The Point

Edited Under Fr. Leonard Feeney M.I.C.M. — Saint Benedict Center

February, 1955

THE CATHOLIC CHURCH AND THE JEWS

Traditional Policy Toward the Haters of Christ

Every day there are new reports of friendly relations between the Catholic and Jewish communities here in the United States.

In support of Brotherhood Week, Archbishop Cushing of Boston has been photographed holding hands with a local rabbi. His Excellency, as a further gesture of good-will to the Jews, made a thousand-dollar contribution to World Zionism ... The noted Jewish propagandist, Dr. Mortimer Adler, has been listed as a guest speaker at every kind of Catholic meeting from a women’s bridge club to a seminary conference ... Jewish converts to Catholicism have been widely publicized for their efforts to bridge the gap between Talmudic Judaism and the Catholic Faith ... There have been several recent reports of joint Catholic-Jewish festivities to mark the Christmas-Hanukkah season ... The Catholic Biblical Association has publicly thanked the American Jewish Committee for its “assistance in the preparation of material on Jews and Judaism” for use in American Catholic schools ... The National Conference of Christians and Jews has intensified its activities, with many presentations of awards to Catholic and Jewish members for their promotion of “inter-group harmony” ... From Chicago have come news-stories of a series of lectures given there to Catholic teaching nuns by Mr. Hans Adler, prominent Jewish Mason of the B’nai B’rith Lodge ... And also from Chicago there have been lengthy accounts of the pro-Semitism of His Excellency, Bishop Bernard J. Sheil. It was he who established the $50,000 scholarship fund to send Catholic boys to study at Brandeis, America’s new Jewish university. Bishop Sheil has likewise received newspaper acclaim for his participation in Jewish religious festivals in Chicago and for his appearance as an honorary pallbearer at the funeral of the late Rabbi Goldman.

Reports like these faithfully reflect the attitude of American Catholics toward the Jews. And though few would dare to challenge or question this attitude, or submit it to any kind of examination, the incontestable fact is that this attitude is flagrantly un-Catholic. It is a shrieking contradiction of all that the Church has ever taught, counseled, or decreed in the mater of Catholic dealings with the Jews.

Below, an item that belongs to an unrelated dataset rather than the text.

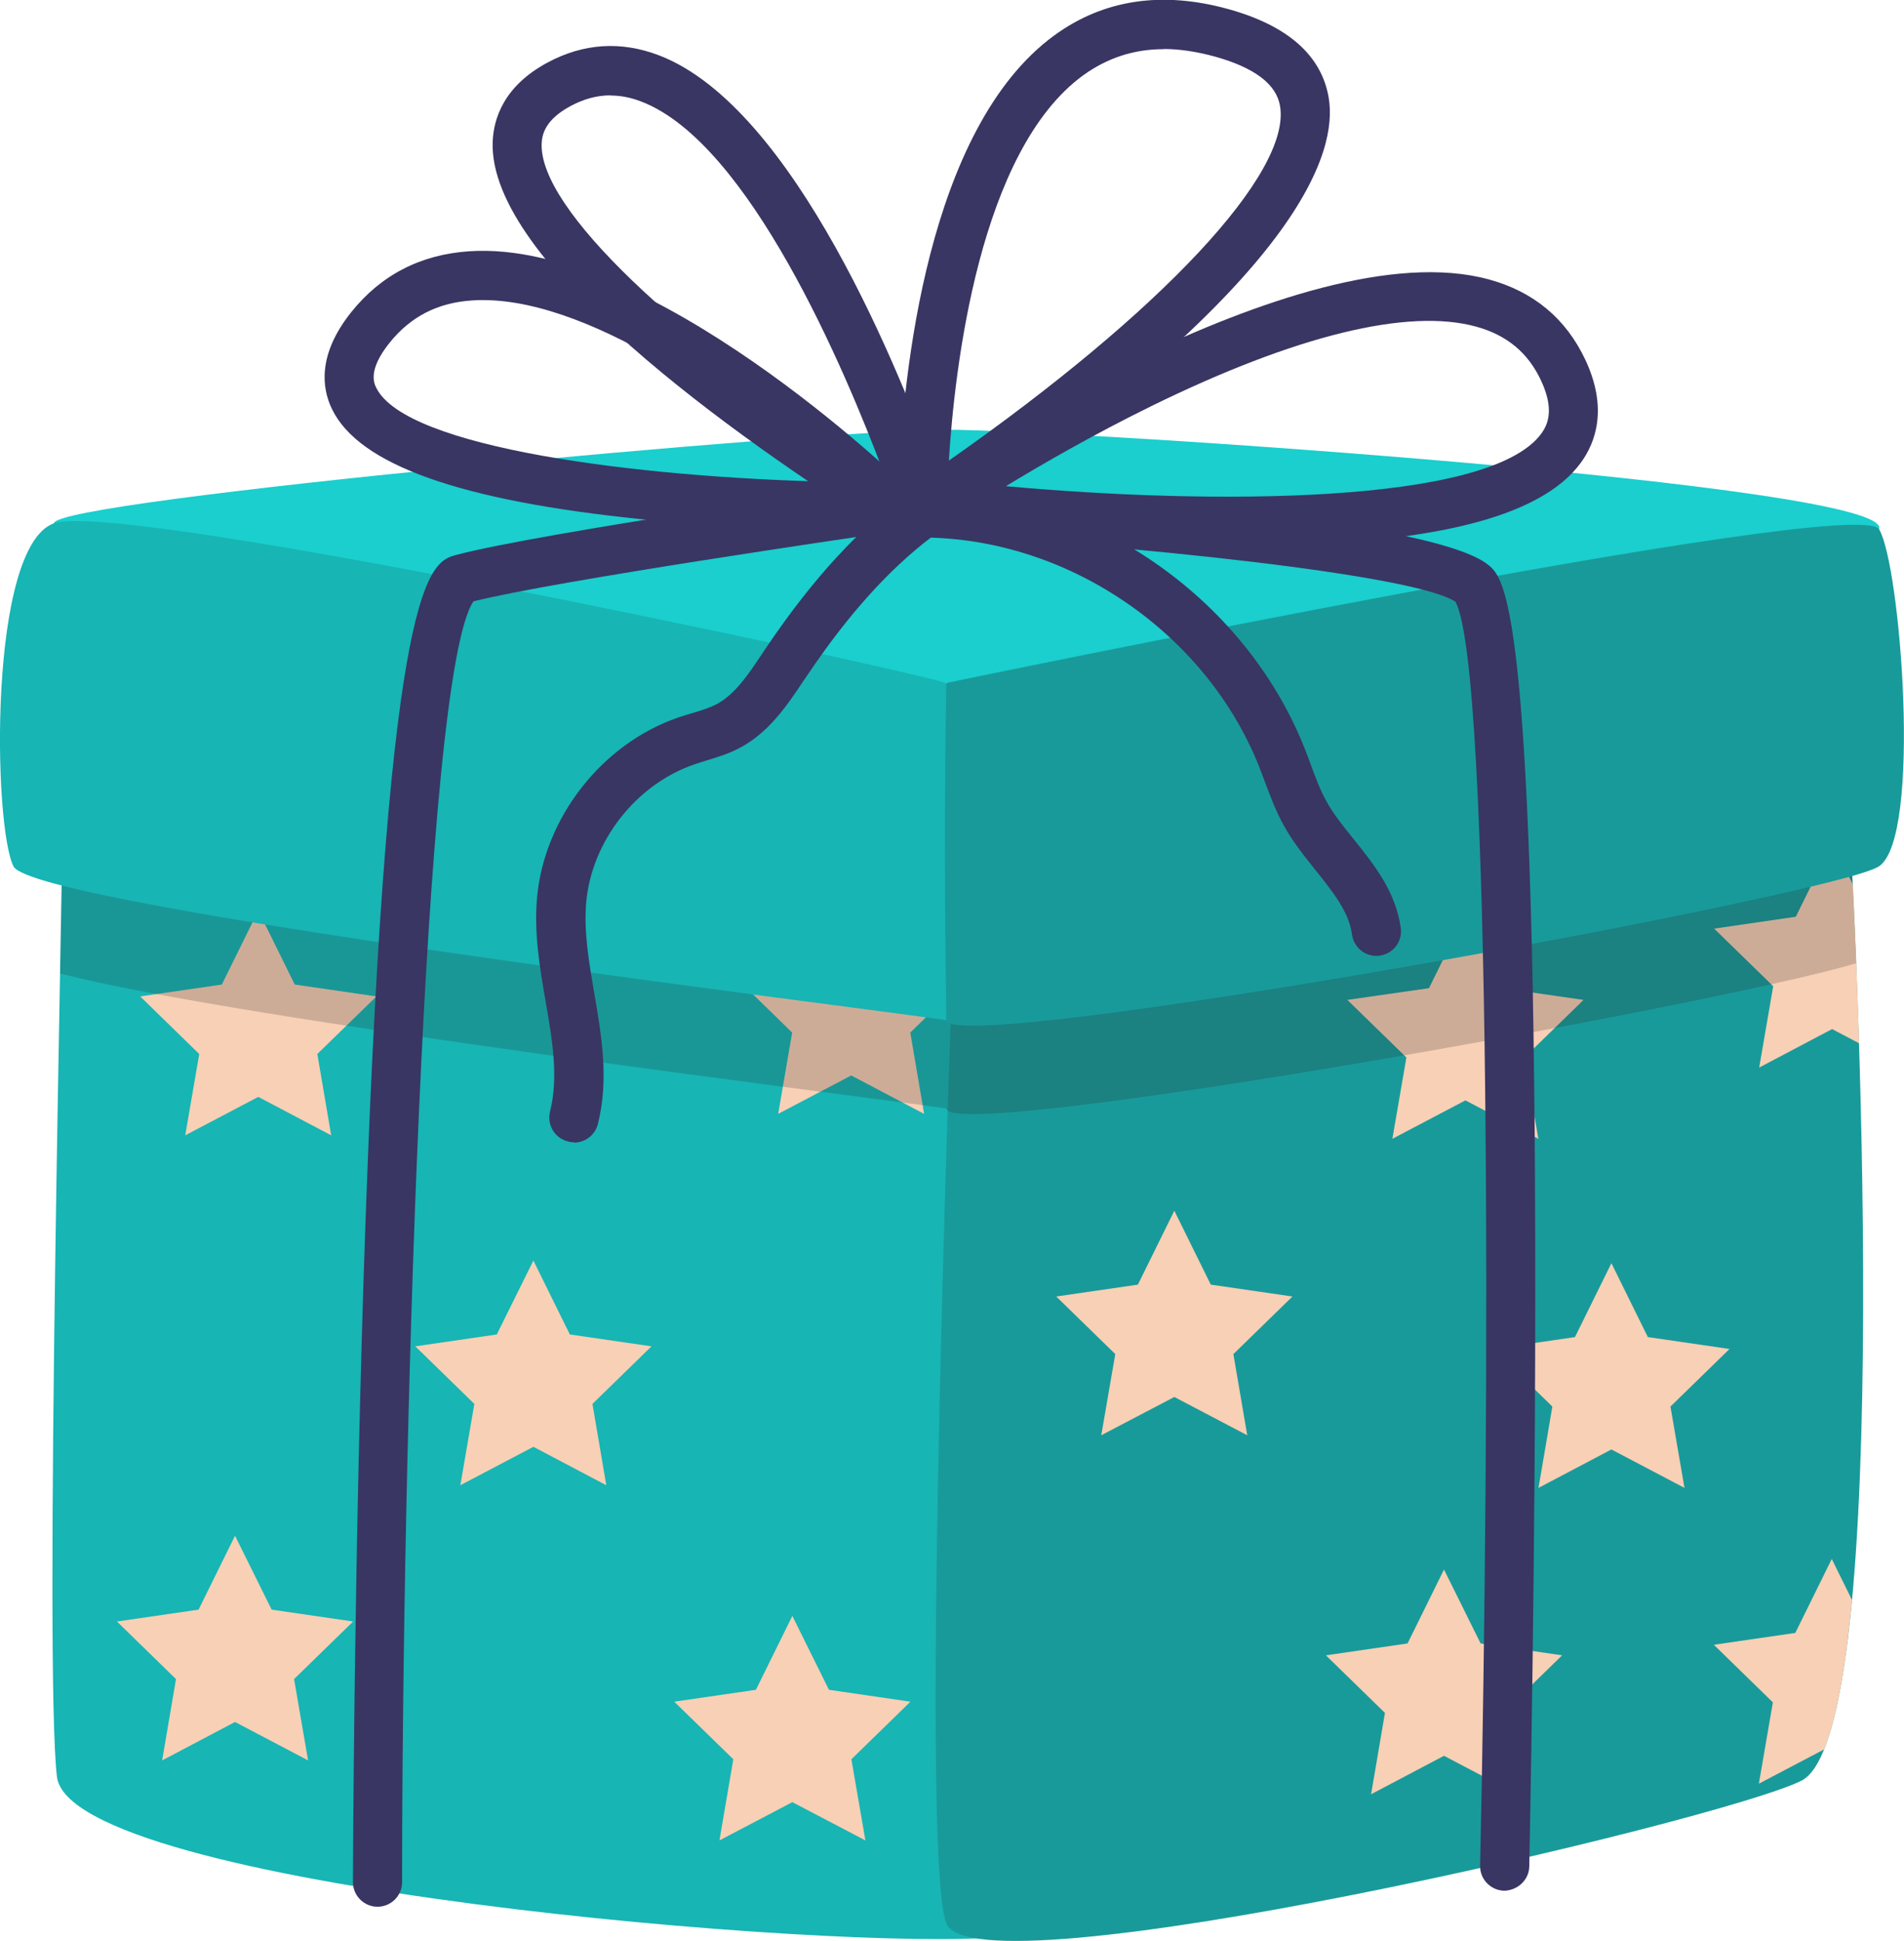 <?xml version="1.0" encoding="UTF-8"?> <svg xmlns="http://www.w3.org/2000/svg" viewBox="0 0 115.44 117.65"> <defs> <style> .cls-1 { fill: #1acfcd; } .cls-2 { fill: #393663; } .cls-3 { mix-blend-mode: multiply; opacity: .2; } .cls-4 { fill: #17b5b4; } .cls-5 { isolation: isolate; } .cls-6 { fill: #199a9a; } .cls-7 { fill: #f8d0b5; } .cls-8 { fill: #231f20; } </style> </defs> <g class="cls-5"> <g id="_Слой_2" data-name="Слой 2"> <g id="OBJECTS"> <g> <path class="cls-4" d="M3.82,48.48c0,3.71-1.15,52.48-.37,59.21,.78,6.73,47.64,10.63,57.14,9.72,9.51-.91,14.12-40.91,14.12-40.91l-2.06-27.61-68.83-.41Z"></path> <path class="cls-6" d="M57.81,57.14s-2.11,55-.44,59.44c1.68,4.44,46.94-6.18,51.85-8.64,5.77-2.89,3.26-53.41,2.85-58.77-.41-5.36-54.27,7.97-54.27,7.97Z"></path> <g> <polygon class="cls-7" points="15.66 55.2 13.45 59.68 8.5 60.4 12.08 63.89 11.23 68.82 15.66 66.49 20.08 68.82 19.24 63.89 22.82 60.4 17.87 59.68 15.66 55.2"></polygon> <polygon class="cls-7" points="34.55 80.89 32.34 76.41 30.12 80.89 25.18 81.61 28.76 85.1 27.91 90.03 32.34 87.7 36.76 90.03 35.92 85.1 39.5 81.61 34.55 80.89"></polygon> <polygon class="cls-7" points="73.41 77.87 71.2 73.39 68.99 77.87 64.04 78.59 67.62 82.08 66.77 87 71.2 84.68 75.62 87 74.78 82.08 78.36 78.59 73.41 77.87"></polygon> <polygon class="cls-7" points="53.82 58.38 51.61 53.9 49.39 58.38 44.45 59.1 48.03 62.59 47.18 67.52 51.61 65.19 56.03 67.52 55.19 62.59 58.77 59.1 53.82 58.38"></polygon> <polygon class="cls-7" points="50.26 102.43 48.04 97.95 45.83 102.43 40.88 103.15 44.46 106.64 43.62 111.56 48.04 109.24 52.47 111.56 51.62 106.64 55.2 103.15 50.26 102.43"></polygon> <polygon class="cls-7" points="89.77 99.62 87.55 95.14 85.34 99.62 80.39 100.34 83.97 103.83 83.13 108.76 87.55 106.43 91.98 108.76 91.13 103.83 94.71 100.34 89.77 99.62"></polygon> <polygon class="cls-7" points="104.86 81.77 99.91 81.05 97.7 76.57 95.49 81.05 90.54 81.77 94.12 85.26 93.28 90.19 97.7 87.86 102.13 90.19 101.28 85.26 104.86 81.77"></polygon> <polygon class="cls-7" points="84.42 69.03 88.85 66.7 93.27 69.03 92.43 64.1 96.01 60.61 91.06 59.9 88.85 55.41 86.64 59.9 81.69 60.61 85.27 64.1 84.42 69.03"></polygon> <polygon class="cls-7" points="16.47 97.57 14.25 93.09 12.04 97.57 7.09 98.29 10.67 101.78 9.83 106.71 14.25 104.38 18.68 106.71 17.83 101.78 21.41 98.29 16.47 97.57"></polygon> <path class="cls-7" d="M108.86,98.98l-4.95,.72,3.58,3.49-.85,4.93,3.96-2.08c.78-1.93,1.32-5.13,1.69-9.05l-1.23-2.49-2.21,4.48Z"></path> <path class="cls-7" d="M106.66,64.71l4.42-2.33,1.64,.86c-.12-3.78-.26-7.1-.38-9.62l-1.25-2.53-2.21,4.48-4.95,.72,3.58,3.49-.85,4.93Z"></path> </g> <g class="cls-3"> <path class="cls-8" d="M112.08,49.17c-.27-3.48-23.12,.93-39.08,4.44l-.35-4.72-68.83-.41c0,.97-.08,4.99-.18,10.53,10.82,2.81,49.06,7.49,53.73,8.18,0,2.12,46.26-6.16,55.18-8.8-.18-4.62-.38-8.04-.47-9.22Z"></path> </g> <path class="cls-1" d="M3.27,31.72c0,2.28,45.97,9.07,54.1,9.68,8.13,.62,55.53-6.61,56.56-9.32,1.03-2.7-49.03-6.03-56.56-6.03S3.27,30.3,3.27,31.72Z"></path> <path class="cls-4" d="M57.37,41.4c-3.41-1.03-50.1-11.1-54.1-9.68C-.73,33.14-.41,50.1,.82,52.52c1.22,2.42,51.18,8.52,56.56,9.32s12.53-3.05,12.53-3.05l-12.53-17.38Z"></path> <path class="cls-6" d="M57.37,41.4c-.18,11.61,0,18.13,0,20.43s53.95-7.55,56.56-9.32c2.61-1.77,1.3-18.27,0-20.43-1.3-2.16-56.56,9.32-56.56,9.32Z"></path> <path class="cls-2" d="M22.89,115.58c-.82,0-1.49-.67-1.49-1.49,0-.19,.05-20.08,.77-40.29,1.4-39.07,3.88-39.73,5.52-40.17,4.89-1.3,25.33-4.26,26.2-4.39l.15-.02h.15c5.36,.31,32.29,1.95,36.04,5.02,.97,.79,2.77,2.27,2.85,41.11,.04,18.87-.36,37.62-.36,37.8-.02,.82-.72,1.44-1.52,1.46-.82-.02-1.48-.7-1.46-1.52,.6-27.56,.71-72.51-1.49-76.61-2.37-1.61-19.03-3.42-34.08-4.26-1.85,.27-20.53,2.99-25.46,4.23-3.06,4.39-4.33,52.53-4.33,77.64,0,.82-.67,1.49-1.49,1.49Z"></path> <g> <path class="cls-2" d="M56.84,31.53c-.39,0-.78-.1-1.14-.3-.78-.43-1.25-1.26-1.21-2.16,.26-6.22,1.71-21.3,9.44-26.93,2.98-2.17,6.52-2.7,10.54-1.59,3.61,1,5.66,2.81,6.09,5.38,.55,3.26-1.63,10.87-22.39,25.17h0c-.4,.28-.87,.42-1.33,.42Zm-.36-2.88s0,0,0,0h0ZM70.56,2.98c-1.81,0-3.42,.53-4.88,1.58-6.31,4.59-7.8,17.76-8.15,23.36,12.92-9.05,20.76-17.43,20.08-21.49-.22-1.33-1.55-2.33-3.95-3-1.1-.3-2.14-.46-3.11-.46Z"></path> <path class="cls-2" d="M54.8,32.51c-.44,0-.87-.12-1.27-.37h0c-8.94-5.66-23.91-16.23-23.66-23.53,.05-1.4,.66-3.38,3.31-4.81,2.19-1.18,4.47-1.33,6.79-.44,8.18,3.15,14.65,19.23,17.05,25.99,.34,.96,.05,2-.75,2.63-.43,.35-.95,.52-1.47,.52ZM37.01,5.78c-.82,0-1.62,.22-2.42,.65-1.52,.82-1.73,1.7-1.75,2.29-.13,3.9,7.95,11.64,20.73,19.92-2.36-6.28-8.15-19.97-14.68-22.48-.64-.25-1.26-.37-1.88-.37Z"></path> <path class="cls-2" d="M74.84,33.09c-.41,0-.82,0-1.24,0-8.84-.08-17.12-1.09-17.21-1.1l-3.94-.48,3.28-2.23c.93-.63,23.02-15.5,34.55-12.34,2.71,.74,4.67,2.38,5.84,4.87,1.38,2.94,.62,5.01-.26,6.22-2.47,3.41-9.36,5.07-21.04,5.07Zm-13.85-3.62c12.37,1.13,29.33,1.14,32.47-3.2,.38-.53,.8-1.44-.03-3.21-.79-1.69-2.08-2.75-3.93-3.26-4.14-1.14-10.95,.53-19.7,4.82-3.44,1.69-6.56,3.48-8.81,4.85Z"></path> <path class="cls-2" d="M53.81,32.21c-1.47,0-8.08-.04-14.94-.74-10.98-1.12-17.11-3.3-18.74-6.67-.61-1.25-.9-3.29,1.16-5.87,1.81-2.27,4.23-3.51,7.18-3.7,10.95-.72,26.04,13.8,26.67,14.42l2.61,2.53-3.64,.03s-.11,0-.3,0Zm-24.53-14.02c-.21,0-.42,0-.63,.02-2.11,.13-3.76,.98-5.04,2.58-1.32,1.65-.93,2.45-.8,2.71,1.78,3.67,15.95,5.43,27.35,5.7-4.64-3.95-13.91-11.01-20.88-11.01Z"></path> </g> <path class="cls-2" d="M34.79,69.24c-.12,0-.24-.01-.36-.05-.8-.2-1.28-1.01-1.08-1.81,.52-2.09,.14-4.33-.27-6.69-.35-2.02-.71-4.11-.52-6.26,.43-4.87,3.95-9.36,8.57-10.94,.27-.09,.55-.18,.83-.26,.54-.16,1.06-.32,1.48-.54,1.12-.59,1.93-1.8,2.78-3.08l.35-.52c2.73-4.02,5.5-7.04,8.48-9.21l.4-.29h.49c9.96,.03,19.48,6.51,23.16,15.77,.13,.32,.25,.65,.37,.98,.3,.82,.59,1.59,.98,2.28,.43,.77,1.02,1.5,1.65,2.28,1.19,1.48,2.54,3.17,2.83,5.36,.11,.82-.47,1.56-1.29,1.67-.82,.11-1.56-.47-1.67-1.29-.18-1.36-1.16-2.58-2.19-3.87-.67-.84-1.37-1.7-1.92-2.69-.5-.89-.84-1.81-1.17-2.69-.12-.31-.23-.62-.35-.92-3.18-8-11.32-13.64-19.91-13.88-2.55,1.95-4.97,4.63-7.38,8.19l-.34,.5c-.98,1.46-2.08,3.12-3.87,4.06-.68,.36-1.36,.56-2.01,.76-.24,.07-.48,.15-.72,.23-3.54,1.21-6.24,4.65-6.57,8.38-.15,1.76,.16,3.57,.49,5.49,.44,2.57,.9,5.23,.22,7.93-.17,.68-.78,1.13-1.45,1.13Z"></path> </g> </g> </g> </g> </svg>

One of the most ancient and basic principles of traditional, normal Christian society has been violated and cast aside. For nineteen centuries it has been the Catholic Church’s constant and deliberate policy to keep leashed, muzzled, and set apart, that people which she has universally taught is a cursed race — cursed for its crucifixion and rejection of Jesus Christ. Throughout the Christian ages, the Popes, the Saints, and all Catholics in civil authority, have taken upon themselves, as one of the necessary burdens of Catholic allegiance, the responsibility of holding back the Jew — of keeping him well distinguished from the rest of the community, with no opportunity to carry out the treacheries he was planning against the Church of Christ.

For anyone who may be doubtful as to the Church’s authentic and unswerving attitude toward the Jewish people, we are presenting the following itemization, taken from the decrees and practices of the Popes, Bishops, Saints, Councils, and civil rulers of our glorious Catholic history.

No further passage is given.